═════ WORKING DATA

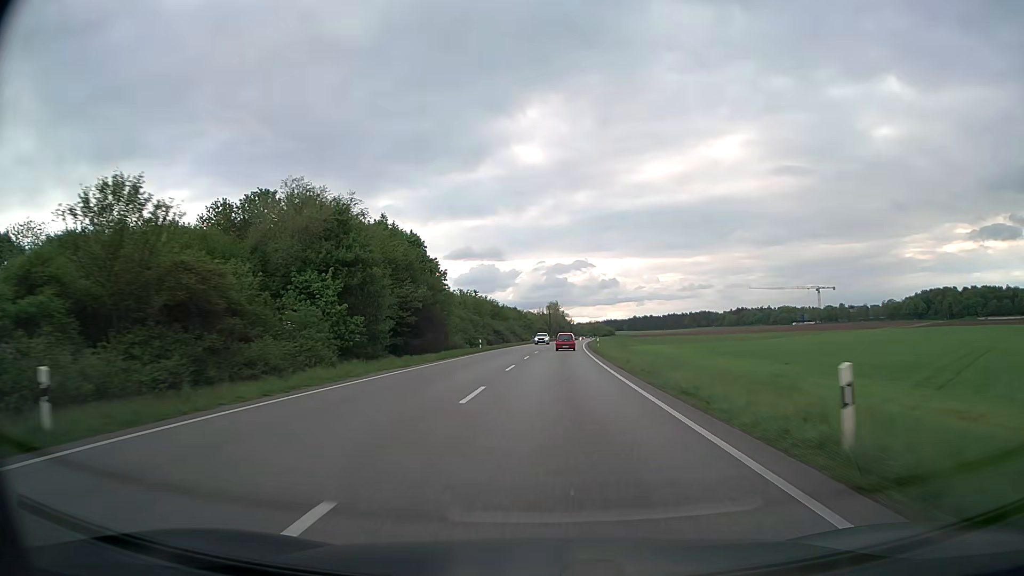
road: trunk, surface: asphalt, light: Day
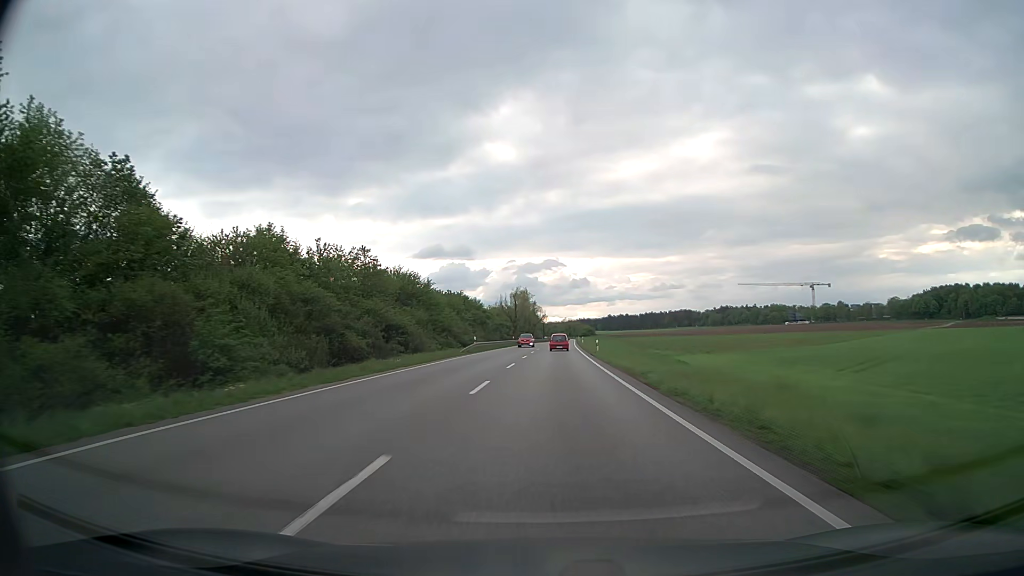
(+1.4, +57.8) m; +3°
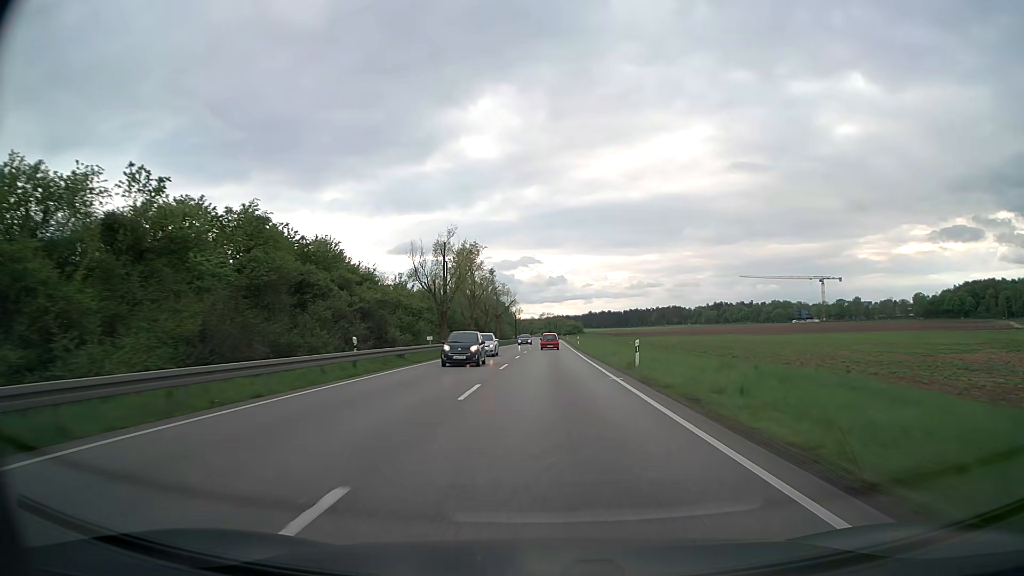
(+1.3, +73.7) m; +2°
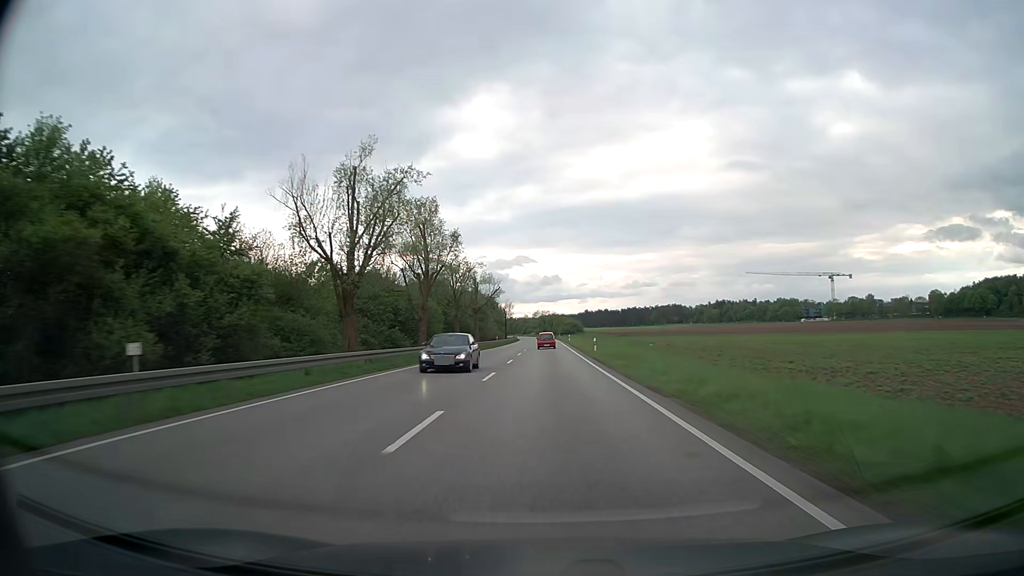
(+0.1, +30.1) m; 0°
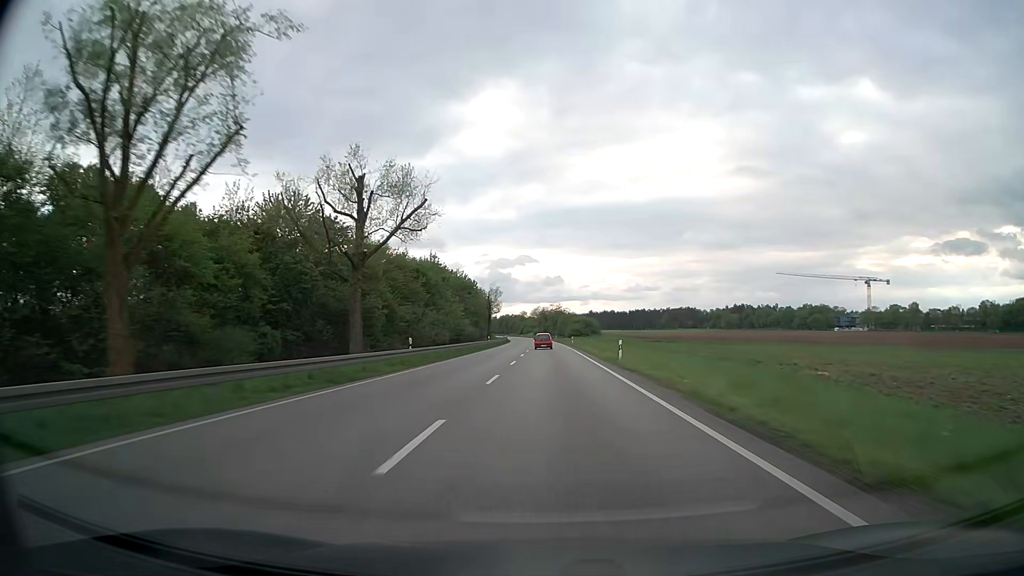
(0.0, +61.2) m; 0°
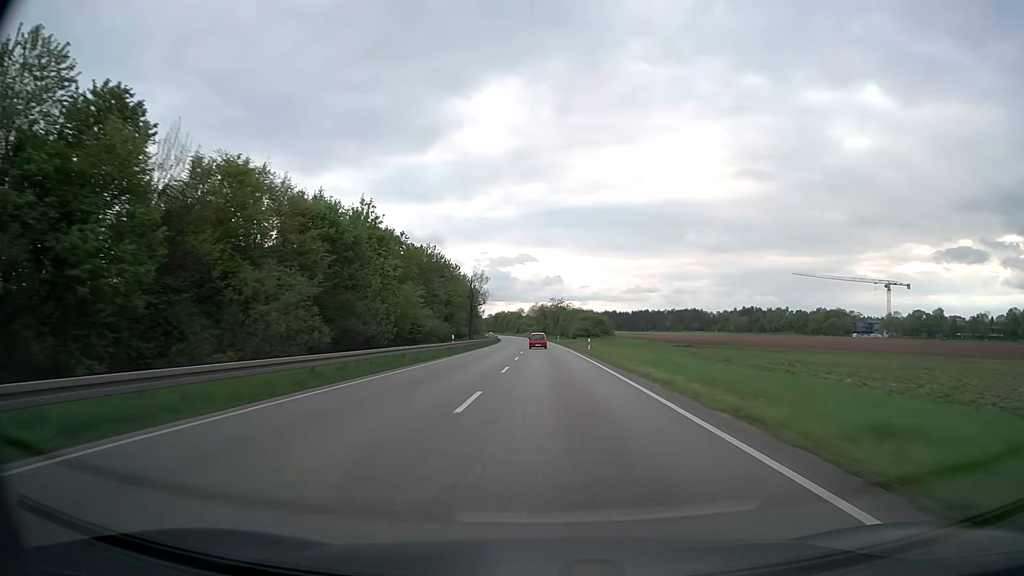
(0.0, +31.1) m; 0°
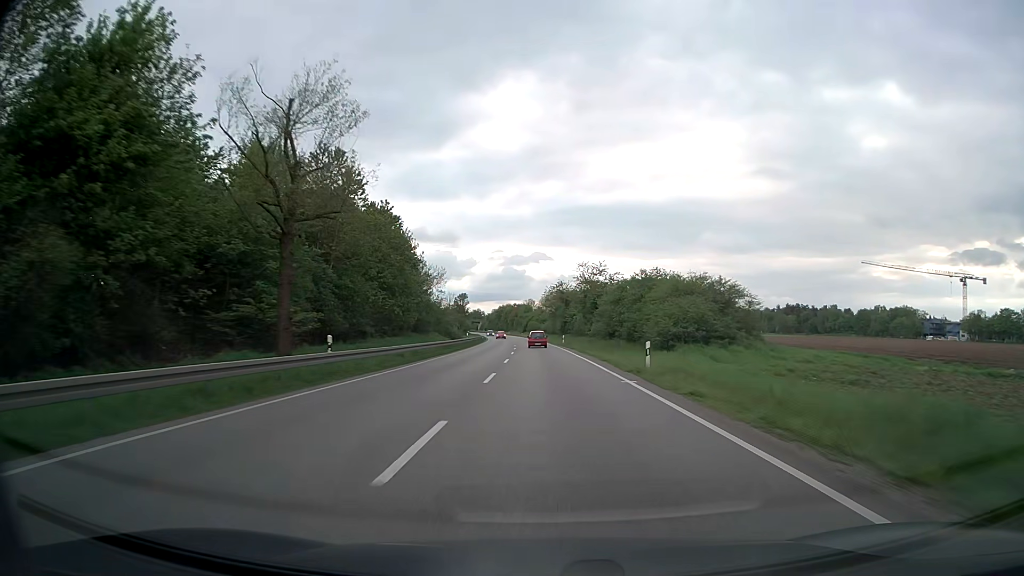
(-0.7, +77.6) m; -1°
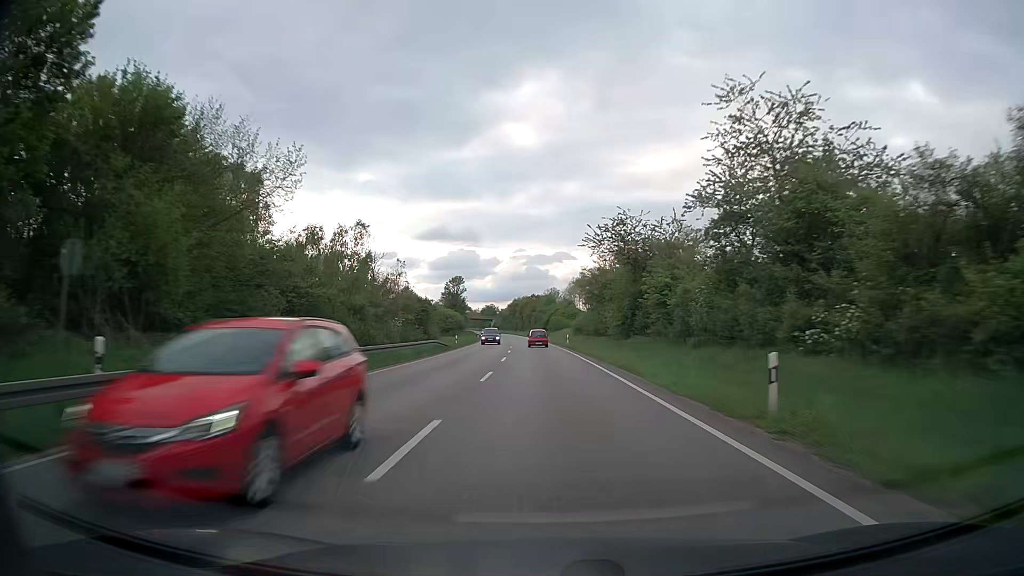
(-0.9, +60.0) m; -2°
(0, +10) (0, +20) (0, +30) (-1, +40) (-1, +50) (-1, +60) (-2, +70) (-2, +80) (-3, +90) (-3, +100) m

══════════

Go through the entries and retype each one exactly, skipping any image.

road: trunk, surface: asphalt, light: Day
(+1.4, +57.8) m; +3°
(+1.3, +73.7) m; +2°
(+0.1, +30.1) m; 0°
(0.0, +61.2) m; 0°
(0.0, +31.1) m; 0°
(-0.7, +77.6) m; -1°
(-0.9, +60.0) m; -2°
(0, +10) (0, +20) (0, +30) (-1, +40) (-1, +50) (-1, +60) (-2, +70) (-2, +80) (-3, +90) (-3, +100) m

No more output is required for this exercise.